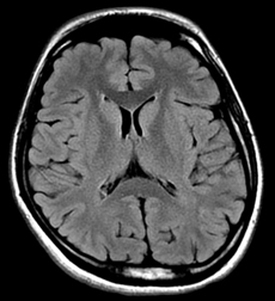
Label: notumor
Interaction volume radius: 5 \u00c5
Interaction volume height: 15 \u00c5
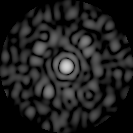
Disorder parameter: 0.8171
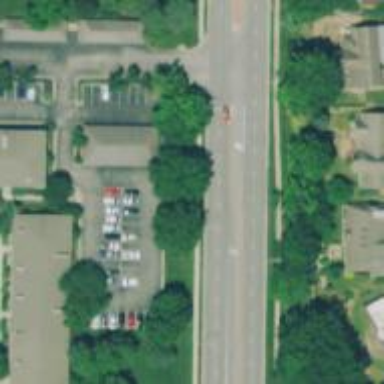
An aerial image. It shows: Road with left marking.
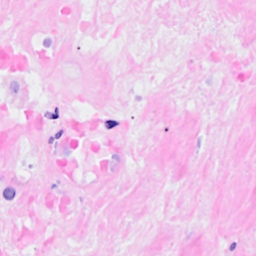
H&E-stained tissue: Breast
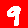
Digit: 9
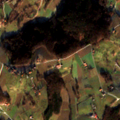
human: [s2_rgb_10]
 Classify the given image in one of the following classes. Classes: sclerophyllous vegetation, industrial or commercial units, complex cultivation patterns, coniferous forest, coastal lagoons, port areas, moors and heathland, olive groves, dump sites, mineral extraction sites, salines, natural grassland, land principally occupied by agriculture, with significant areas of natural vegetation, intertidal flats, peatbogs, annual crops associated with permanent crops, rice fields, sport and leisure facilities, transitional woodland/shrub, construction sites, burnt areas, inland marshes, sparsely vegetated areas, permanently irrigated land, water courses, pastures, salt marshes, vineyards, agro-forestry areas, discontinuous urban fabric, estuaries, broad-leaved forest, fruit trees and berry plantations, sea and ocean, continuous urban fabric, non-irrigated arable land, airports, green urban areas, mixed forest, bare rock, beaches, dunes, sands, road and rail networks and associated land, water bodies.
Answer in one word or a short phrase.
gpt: complex cultivation patterns, broad-leaved forest

***

Every line above in the stretch from the one with "An aerial image." through the one with "human: [s2_rgb_10]" is to be transcribed exactly, ends included. No picture is copied.

An aerial image. It shows: Road with left marking.
H&E-stained tissue: Breast
Digit: 9
human: [s2_rgb_10]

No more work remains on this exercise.